◆ **What is expected**
Repeat each entry. Keep every line exactly as it is.
Top of Records for this exercise
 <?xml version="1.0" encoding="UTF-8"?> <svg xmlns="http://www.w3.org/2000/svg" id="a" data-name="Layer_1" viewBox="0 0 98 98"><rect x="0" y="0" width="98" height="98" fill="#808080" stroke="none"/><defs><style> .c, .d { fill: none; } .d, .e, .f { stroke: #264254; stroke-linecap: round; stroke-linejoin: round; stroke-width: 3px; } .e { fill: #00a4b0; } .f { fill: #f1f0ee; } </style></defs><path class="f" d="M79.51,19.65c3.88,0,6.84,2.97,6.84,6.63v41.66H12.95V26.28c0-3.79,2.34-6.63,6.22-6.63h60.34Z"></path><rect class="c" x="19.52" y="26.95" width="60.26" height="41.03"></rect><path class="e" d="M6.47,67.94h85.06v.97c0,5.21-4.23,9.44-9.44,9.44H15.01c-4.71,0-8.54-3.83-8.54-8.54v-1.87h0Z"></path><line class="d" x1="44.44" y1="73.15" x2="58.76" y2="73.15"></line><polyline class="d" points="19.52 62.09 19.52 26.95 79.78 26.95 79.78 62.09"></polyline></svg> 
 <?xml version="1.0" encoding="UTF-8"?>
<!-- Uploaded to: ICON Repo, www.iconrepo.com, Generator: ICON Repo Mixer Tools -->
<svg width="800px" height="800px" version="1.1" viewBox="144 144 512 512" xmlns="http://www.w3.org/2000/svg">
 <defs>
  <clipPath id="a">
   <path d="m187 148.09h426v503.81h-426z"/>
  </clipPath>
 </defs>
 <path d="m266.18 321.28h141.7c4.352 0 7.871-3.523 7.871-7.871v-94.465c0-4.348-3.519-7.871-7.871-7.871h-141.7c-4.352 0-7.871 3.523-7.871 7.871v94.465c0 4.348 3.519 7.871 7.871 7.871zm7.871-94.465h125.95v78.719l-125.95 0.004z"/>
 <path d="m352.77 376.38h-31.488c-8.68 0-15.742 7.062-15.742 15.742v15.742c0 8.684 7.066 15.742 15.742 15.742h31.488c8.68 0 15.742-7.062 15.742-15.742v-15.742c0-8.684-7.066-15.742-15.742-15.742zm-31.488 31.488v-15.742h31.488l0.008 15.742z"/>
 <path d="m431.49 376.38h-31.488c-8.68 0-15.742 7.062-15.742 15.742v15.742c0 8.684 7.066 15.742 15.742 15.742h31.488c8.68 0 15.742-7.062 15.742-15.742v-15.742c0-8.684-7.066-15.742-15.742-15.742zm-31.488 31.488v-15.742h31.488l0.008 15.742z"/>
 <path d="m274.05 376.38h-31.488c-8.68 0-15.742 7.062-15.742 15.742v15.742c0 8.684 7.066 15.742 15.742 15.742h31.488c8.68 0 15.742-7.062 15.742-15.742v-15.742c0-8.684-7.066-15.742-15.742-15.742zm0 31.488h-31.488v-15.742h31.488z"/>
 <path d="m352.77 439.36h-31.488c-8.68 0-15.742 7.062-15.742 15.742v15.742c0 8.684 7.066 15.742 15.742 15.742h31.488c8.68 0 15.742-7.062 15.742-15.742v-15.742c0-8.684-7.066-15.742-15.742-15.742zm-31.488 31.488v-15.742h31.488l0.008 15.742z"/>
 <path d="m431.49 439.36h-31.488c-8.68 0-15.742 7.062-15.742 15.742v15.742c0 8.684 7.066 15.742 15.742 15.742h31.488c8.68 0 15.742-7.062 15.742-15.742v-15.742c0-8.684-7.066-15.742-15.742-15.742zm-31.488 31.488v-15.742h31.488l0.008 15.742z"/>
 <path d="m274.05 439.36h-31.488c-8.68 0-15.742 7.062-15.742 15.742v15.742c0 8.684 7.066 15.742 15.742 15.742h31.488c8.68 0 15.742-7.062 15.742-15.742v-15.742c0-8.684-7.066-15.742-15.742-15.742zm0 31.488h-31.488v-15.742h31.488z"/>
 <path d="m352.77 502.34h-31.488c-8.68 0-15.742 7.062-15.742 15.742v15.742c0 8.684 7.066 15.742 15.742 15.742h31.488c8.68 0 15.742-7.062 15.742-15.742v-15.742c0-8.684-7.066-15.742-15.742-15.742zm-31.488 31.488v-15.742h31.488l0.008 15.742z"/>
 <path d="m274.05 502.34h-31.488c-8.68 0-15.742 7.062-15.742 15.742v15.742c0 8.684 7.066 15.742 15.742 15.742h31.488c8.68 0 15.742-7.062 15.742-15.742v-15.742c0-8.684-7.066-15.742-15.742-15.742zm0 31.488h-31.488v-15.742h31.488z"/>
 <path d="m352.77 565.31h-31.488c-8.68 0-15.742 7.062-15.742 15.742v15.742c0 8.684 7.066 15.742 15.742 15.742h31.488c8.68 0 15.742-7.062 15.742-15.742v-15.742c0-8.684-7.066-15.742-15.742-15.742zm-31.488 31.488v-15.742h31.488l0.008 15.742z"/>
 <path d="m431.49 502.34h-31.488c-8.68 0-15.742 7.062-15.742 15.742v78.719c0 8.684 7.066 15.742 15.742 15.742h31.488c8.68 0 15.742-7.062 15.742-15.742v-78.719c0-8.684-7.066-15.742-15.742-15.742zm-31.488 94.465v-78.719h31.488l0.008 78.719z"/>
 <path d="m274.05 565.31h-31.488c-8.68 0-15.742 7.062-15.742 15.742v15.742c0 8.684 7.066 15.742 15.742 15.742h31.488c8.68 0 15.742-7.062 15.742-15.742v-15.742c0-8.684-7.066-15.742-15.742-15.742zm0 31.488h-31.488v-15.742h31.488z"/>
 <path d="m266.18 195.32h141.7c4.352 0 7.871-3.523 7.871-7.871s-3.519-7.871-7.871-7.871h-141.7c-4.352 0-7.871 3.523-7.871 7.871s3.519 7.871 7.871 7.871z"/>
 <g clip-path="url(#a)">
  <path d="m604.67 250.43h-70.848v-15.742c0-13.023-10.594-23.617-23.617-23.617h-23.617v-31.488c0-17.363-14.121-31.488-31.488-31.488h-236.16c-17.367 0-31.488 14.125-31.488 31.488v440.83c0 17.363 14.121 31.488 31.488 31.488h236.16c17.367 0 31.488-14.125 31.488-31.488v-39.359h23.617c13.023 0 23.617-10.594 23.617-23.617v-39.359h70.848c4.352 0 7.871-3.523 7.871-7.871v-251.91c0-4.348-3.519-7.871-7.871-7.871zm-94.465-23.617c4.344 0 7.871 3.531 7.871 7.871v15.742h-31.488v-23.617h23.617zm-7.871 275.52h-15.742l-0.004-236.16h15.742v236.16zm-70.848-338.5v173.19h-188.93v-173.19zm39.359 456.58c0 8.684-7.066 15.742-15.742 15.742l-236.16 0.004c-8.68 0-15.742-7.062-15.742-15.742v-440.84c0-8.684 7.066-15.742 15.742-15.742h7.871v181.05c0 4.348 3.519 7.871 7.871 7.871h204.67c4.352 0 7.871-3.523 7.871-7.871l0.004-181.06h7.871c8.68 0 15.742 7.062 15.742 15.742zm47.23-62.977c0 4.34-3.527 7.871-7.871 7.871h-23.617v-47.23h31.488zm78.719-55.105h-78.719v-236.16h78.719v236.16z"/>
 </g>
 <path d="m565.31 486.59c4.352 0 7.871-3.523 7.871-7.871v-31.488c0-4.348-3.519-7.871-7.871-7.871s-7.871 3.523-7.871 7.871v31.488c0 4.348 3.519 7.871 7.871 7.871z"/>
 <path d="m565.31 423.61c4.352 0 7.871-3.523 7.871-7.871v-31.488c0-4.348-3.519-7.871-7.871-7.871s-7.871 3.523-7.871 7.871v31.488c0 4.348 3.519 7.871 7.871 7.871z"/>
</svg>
Bottom of Records for this exercise
◆ **Answer section**
 <?xml version="1.0" encoding="UTF-8"?> <svg xmlns="http://www.w3.org/2000/svg" id="a" data-name="Layer_1" viewBox="0 0 98 98"><rect x="0" y="0" width="98" height="98" fill="#808080" stroke="none"/><defs><style> .c, .d { fill: none; } .d, .e, .f { stroke: #264254; stroke-linecap: round; stroke-linejoin: round; stroke-width: 3px; } .e { fill: #00a4b0; } .f { fill: #f1f0ee; } </style></defs><path class="f" d="M79.51,19.65c3.88,0,6.84,2.97,6.84,6.63v41.66H12.95V26.28c0-3.79,2.34-6.63,6.22-6.63h60.34Z"></path><rect class="c" x="19.52" y="26.95" width="60.26" height="41.03"></rect><path class="e" d="M6.47,67.94h85.06v.97c0,5.21-4.23,9.44-9.44,9.44H15.01c-4.71,0-8.54-3.83-8.54-8.54v-1.87h0Z"></path><line class="d" x1="44.44" y1="73.15" x2="58.76" y2="73.15"></line><polyline class="d" points="19.52 62.09 19.52 26.95 79.78 26.95 79.78 62.09"></polyline></svg> 
 <?xml version="1.0" encoding="UTF-8"?>
<!-- Uploaded to: ICON Repo, www.iconrepo.com, Generator: ICON Repo Mixer Tools -->
<svg width="800px" height="800px" version="1.1" viewBox="144 144 512 512" xmlns="http://www.w3.org/2000/svg">
 <defs>
  <clipPath id="a">
   <path d="m187 148.09h426v503.81h-426z"/>
  </clipPath>
 </defs>
 <path d="m266.18 321.28h141.7c4.352 0 7.871-3.523 7.871-7.871v-94.465c0-4.348-3.519-7.871-7.871-7.871h-141.7c-4.352 0-7.871 3.523-7.871 7.871v94.465c0 4.348 3.519 7.871 7.871 7.871zm7.871-94.465h125.95v78.719l-125.95 0.004z"/>
 <path d="m352.77 376.38h-31.488c-8.68 0-15.742 7.062-15.742 15.742v15.742c0 8.684 7.066 15.742 15.742 15.742h31.488c8.68 0 15.742-7.062 15.742-15.742v-15.742c0-8.684-7.066-15.742-15.742-15.742zm-31.488 31.488v-15.742h31.488l0.008 15.742z"/>
 <path d="m431.49 376.38h-31.488c-8.68 0-15.742 7.062-15.742 15.742v15.742c0 8.684 7.066 15.742 15.742 15.742h31.488c8.68 0 15.742-7.062 15.742-15.742v-15.742c0-8.684-7.066-15.742-15.742-15.742zm-31.488 31.488v-15.742h31.488l0.008 15.742z"/>
 <path d="m274.05 376.38h-31.488c-8.68 0-15.742 7.062-15.742 15.742v15.742c0 8.684 7.066 15.742 15.742 15.742h31.488c8.68 0 15.742-7.062 15.742-15.742v-15.742c0-8.684-7.066-15.742-15.742-15.742zm0 31.488h-31.488v-15.742h31.488z"/>
 <path d="m352.77 439.36h-31.488c-8.68 0-15.742 7.062-15.742 15.742v15.742c0 8.684 7.066 15.742 15.742 15.742h31.488c8.68 0 15.742-7.062 15.742-15.742v-15.742c0-8.684-7.066-15.742-15.742-15.742zm-31.488 31.488v-15.742h31.488l0.008 15.742z"/>
 <path d="m431.49 439.36h-31.488c-8.68 0-15.742 7.062-15.742 15.742v15.742c0 8.684 7.066 15.742 15.742 15.742h31.488c8.68 0 15.742-7.062 15.742-15.742v-15.742c0-8.684-7.066-15.742-15.742-15.742zm-31.488 31.488v-15.742h31.488l0.008 15.742z"/>
 <path d="m274.05 439.36h-31.488c-8.68 0-15.742 7.062-15.742 15.742v15.742c0 8.684 7.066 15.742 15.742 15.742h31.488c8.68 0 15.742-7.062 15.742-15.742v-15.742c0-8.684-7.066-15.742-15.742-15.742zm0 31.488h-31.488v-15.742h31.488z"/>
 <path d="m352.77 502.34h-31.488c-8.68 0-15.742 7.062-15.742 15.742v15.742c0 8.684 7.066 15.742 15.742 15.742h31.488c8.68 0 15.742-7.062 15.742-15.742v-15.742c0-8.684-7.066-15.742-15.742-15.742zm-31.488 31.488v-15.742h31.488l0.008 15.742z"/>
 <path d="m274.05 502.34h-31.488c-8.68 0-15.742 7.062-15.742 15.742v15.742c0 8.684 7.066 15.742 15.742 15.742h31.488c8.68 0 15.742-7.062 15.742-15.742v-15.742c0-8.684-7.066-15.742-15.742-15.742zm0 31.488h-31.488v-15.742h31.488z"/>
 <path d="m352.77 565.31h-31.488c-8.68 0-15.742 7.062-15.742 15.742v15.742c0 8.684 7.066 15.742 15.742 15.742h31.488c8.68 0 15.742-7.062 15.742-15.742v-15.742c0-8.684-7.066-15.742-15.742-15.742zm-31.488 31.488v-15.742h31.488l0.008 15.742z"/>
 <path d="m431.49 502.34h-31.488c-8.68 0-15.742 7.062-15.742 15.742v78.719c0 8.684 7.066 15.742 15.742 15.742h31.488c8.68 0 15.742-7.062 15.742-15.742v-78.719c0-8.684-7.066-15.742-15.742-15.742zm-31.488 94.465v-78.719h31.488l0.008 78.719z"/>
 <path d="m274.05 565.31h-31.488c-8.68 0-15.742 7.062-15.742 15.742v15.742c0 8.684 7.066 15.742 15.742 15.742h31.488c8.68 0 15.742-7.062 15.742-15.742v-15.742c0-8.684-7.066-15.742-15.742-15.742zm0 31.488h-31.488v-15.742h31.488z"/>
 <path d="m266.18 195.32h141.7c4.352 0 7.871-3.523 7.871-7.871s-3.519-7.871-7.871-7.871h-141.7c-4.352 0-7.871 3.523-7.871 7.871s3.519 7.871 7.871 7.871z"/>
 <g clip-path="url(#a)">
  <path d="m604.67 250.43h-70.848v-15.742c0-13.023-10.594-23.617-23.617-23.617h-23.617v-31.488c0-17.363-14.121-31.488-31.488-31.488h-236.16c-17.367 0-31.488 14.125-31.488 31.488v440.83c0 17.363 14.121 31.488 31.488 31.488h236.16c17.367 0 31.488-14.125 31.488-31.488v-39.359h23.617c13.023 0 23.617-10.594 23.617-23.617v-39.359h70.848c4.352 0 7.871-3.523 7.871-7.871v-251.91c0-4.348-3.519-7.871-7.871-7.871zm-94.465-23.617c4.344 0 7.871 3.531 7.871 7.871v15.742h-31.488v-23.617h23.617zm-7.871 275.52h-15.742l-0.004-236.16h15.742v236.16zm-70.848-338.5v173.19h-188.93v-173.19zm39.359 456.58c0 8.684-7.066 15.742-15.742 15.742l-236.16 0.004c-8.68 0-15.742-7.062-15.742-15.742v-440.84c0-8.684 7.066-15.742 15.742-15.742h7.871v181.05c0 4.348 3.519 7.871 7.871 7.871h204.67c4.352 0 7.871-3.523 7.871-7.871l0.004-181.06h7.871c8.68 0 15.742 7.062 15.742 15.742zm47.23-62.977c0 4.34-3.527 7.871-7.871 7.871h-23.617v-47.23h31.488zm78.719-55.105h-78.719v-236.16h78.719v236.16z"/>
 </g>
 <path d="m565.31 486.59c4.352 0 7.871-3.523 7.871-7.871v-31.488c0-4.348-3.519-7.871-7.871-7.871s-7.871 3.523-7.871 7.871v31.488c0 4.348 3.519 7.871 7.871 7.871z"/>
 <path d="m565.31 423.61c4.352 0 7.871-3.523 7.871-7.871v-31.488c0-4.348-3.519-7.871-7.871-7.871s-7.871 3.523-7.871 7.871v31.488c0 4.348 3.519 7.871 7.871 7.871z"/>
</svg>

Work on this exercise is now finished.